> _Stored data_
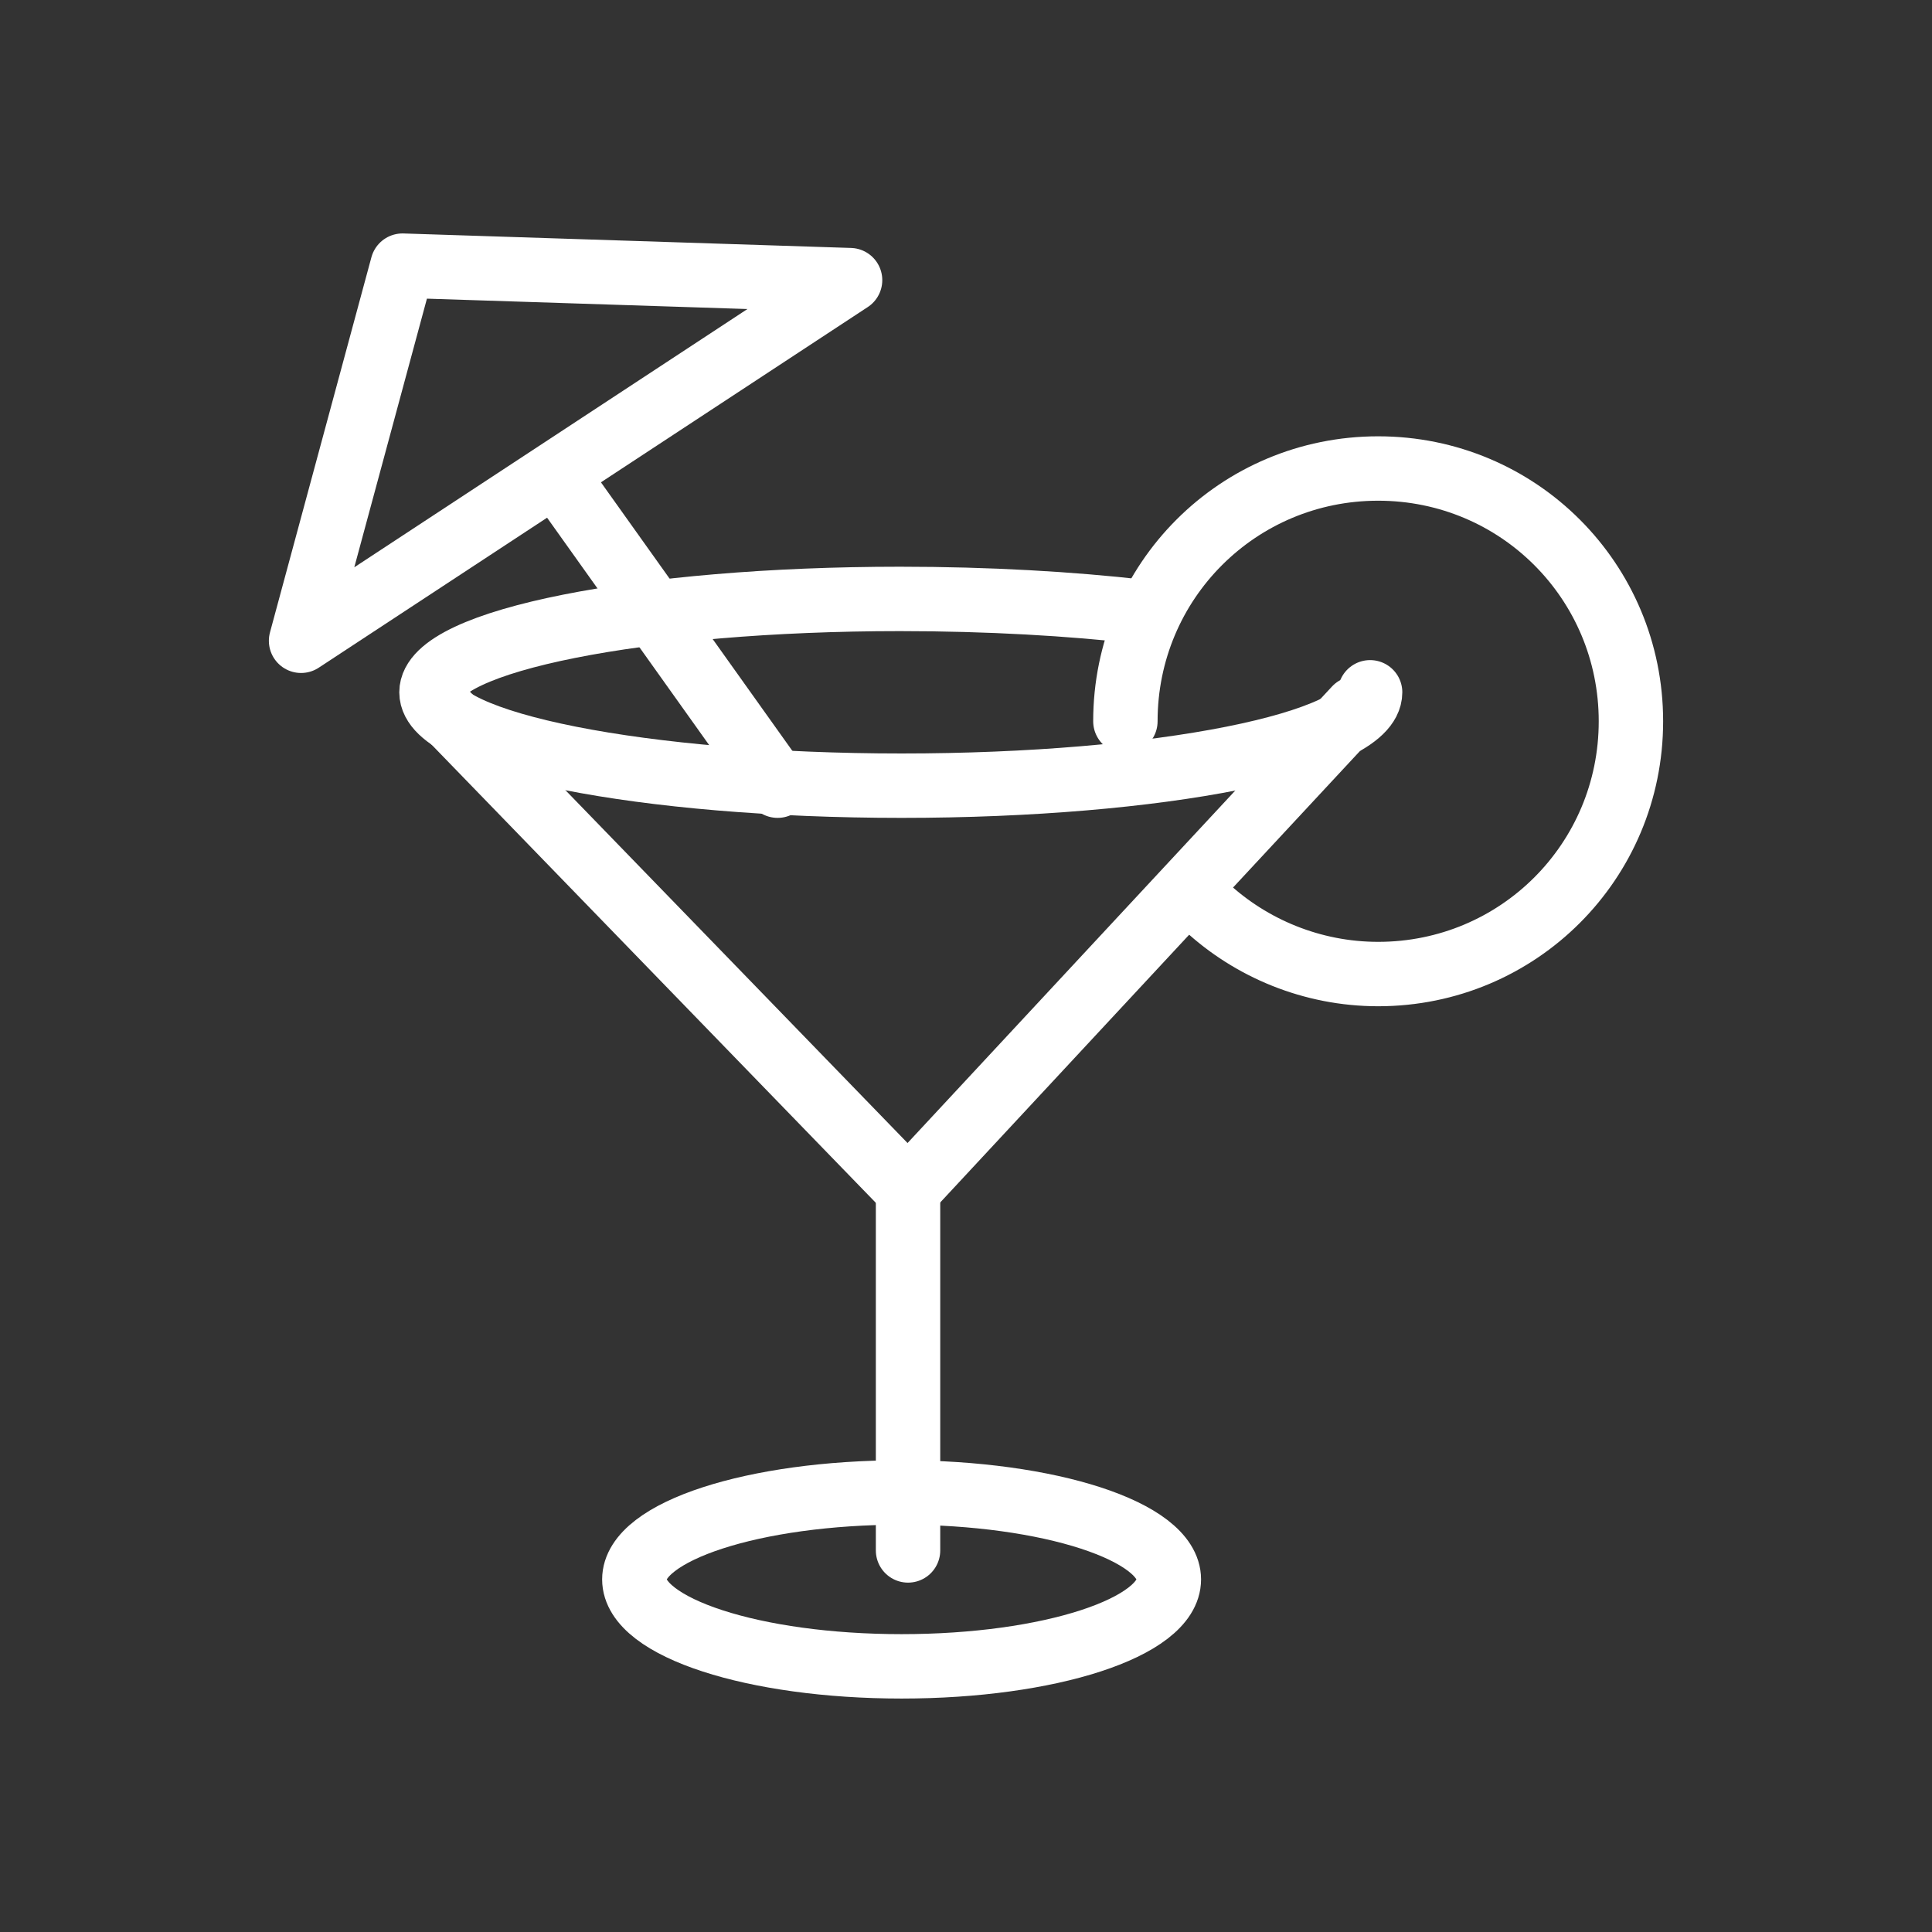 <?xml version="1.0" encoding="utf-8"?>
<!-- Generator: Adobe Illustrator 21.1.0, SVG Export Plug-In . SVG Version: 6.00 Build 0)  -->
<svg version="1.1" id="Capa_1" xmlns="http://www.w3.org/2000/svg" xmlns:xlink="http://www.w3.org/1999/xlink" x="0px" y="0px"
	 viewBox="0 0 120 120" enable-background="new 0 0 120 120" xml:space="preserve">
<rect x="0" y="0" width="120" height="120" fill="#333333" stroke="none"/>
<g>
	<path fill="none" stroke="#FFFFFF" stroke-width="4" stroke-linecap="round" stroke-linejoin="round" stroke-miterlimit="10" d="
		M85.1,43c0,3.2-13.1,5.8-29.1,5.8S26.8,46.2,26.8,43s13.1-5.8,29.1-5.8c5.5,0,10.6,0.3,15,0.8"/>
	
		<ellipse fill="none" stroke="#FFFFFF" stroke-width="4" stroke-linecap="round" stroke-linejoin="round" stroke-miterlimit="10" cx="56" cy="98.1" rx="16.6" ry="5.4"/>
	
		<polyline fill="none" stroke="#FFFFFF" stroke-width="4" stroke-linecap="round" stroke-linejoin="round" stroke-miterlimit="10" points="
		27.7,44.3 56.4,73.9 84.2,44 	"/>
	
		<line fill="none" stroke="#FFFFFF" stroke-width="4" stroke-linecap="round" stroke-linejoin="round" stroke-miterlimit="10" x1="56.4" y1="73.9" x2="56.4" y2="96.3"/>
	<path fill="none" stroke="#FFFFFF" stroke-width="4" stroke-linecap="round" stroke-linejoin="round" stroke-miterlimit="10" d="
		M69.9,44.8c0-8.7,7-15.7,15.7-15.7s15.7,7,15.7,15.7s-7,15.7-15.7,15.7c-4.1,0-7.9-1.6-10.7-4.2"/>
	
		<polygon fill="none" stroke="#FFFFFF" stroke-width="4" stroke-linecap="round" stroke-linejoin="round" stroke-miterlimit="10" points="
		18.7,39.8 52.8,17.4 25,16.5 	"/>
	
		<line fill="none" stroke="#FFFFFF" stroke-width="4" stroke-linecap="round" stroke-linejoin="round" stroke-miterlimit="10" x1="34.9" y1="30" x2="48.3" y2="48.8"/>
</g>
</svg>

> _Activity_
Output every record above verbatim, excluding images.

> _Response below_
 <?xml version="1.0" encoding="utf-8"?>
<!-- Generator: Adobe Illustrator 21.1.0, SVG Export Plug-In . SVG Version: 6.00 Build 0)  -->
<svg version="1.1" id="Capa_1" xmlns="http://www.w3.org/2000/svg" xmlns:xlink="http://www.w3.org/1999/xlink" x="0px" y="0px"
	 viewBox="0 0 120 120" enable-background="new 0 0 120 120" xml:space="preserve">
<rect x="0" y="0" width="120" height="120" fill="#333333" stroke="none"/>
<g>
	<path fill="none" stroke="#FFFFFF" stroke-width="4" stroke-linecap="round" stroke-linejoin="round" stroke-miterlimit="10" d="
		M85.1,43c0,3.2-13.1,5.8-29.1,5.8S26.8,46.2,26.8,43s13.1-5.8,29.1-5.8c5.5,0,10.6,0.3,15,0.8"/>
	
		<ellipse fill="none" stroke="#FFFFFF" stroke-width="4" stroke-linecap="round" stroke-linejoin="round" stroke-miterlimit="10" cx="56" cy="98.1" rx="16.6" ry="5.4"/>
	
		<polyline fill="none" stroke="#FFFFFF" stroke-width="4" stroke-linecap="round" stroke-linejoin="round" stroke-miterlimit="10" points="
		27.7,44.3 56.4,73.9 84.2,44 	"/>
	
		<line fill="none" stroke="#FFFFFF" stroke-width="4" stroke-linecap="round" stroke-linejoin="round" stroke-miterlimit="10" x1="56.4" y1="73.9" x2="56.4" y2="96.3"/>
	<path fill="none" stroke="#FFFFFF" stroke-width="4" stroke-linecap="round" stroke-linejoin="round" stroke-miterlimit="10" d="
		M69.9,44.8c0-8.7,7-15.7,15.7-15.7s15.7,7,15.7,15.7s-7,15.7-15.7,15.7c-4.1,0-7.9-1.6-10.7-4.2"/>
	
		<polygon fill="none" stroke="#FFFFFF" stroke-width="4" stroke-linecap="round" stroke-linejoin="round" stroke-miterlimit="10" points="
		18.7,39.8 52.8,17.4 25,16.5 	"/>
	
		<line fill="none" stroke="#FFFFFF" stroke-width="4" stroke-linecap="round" stroke-linejoin="round" stroke-miterlimit="10" x1="34.9" y1="30" x2="48.3" y2="48.8"/>
</g>
</svg>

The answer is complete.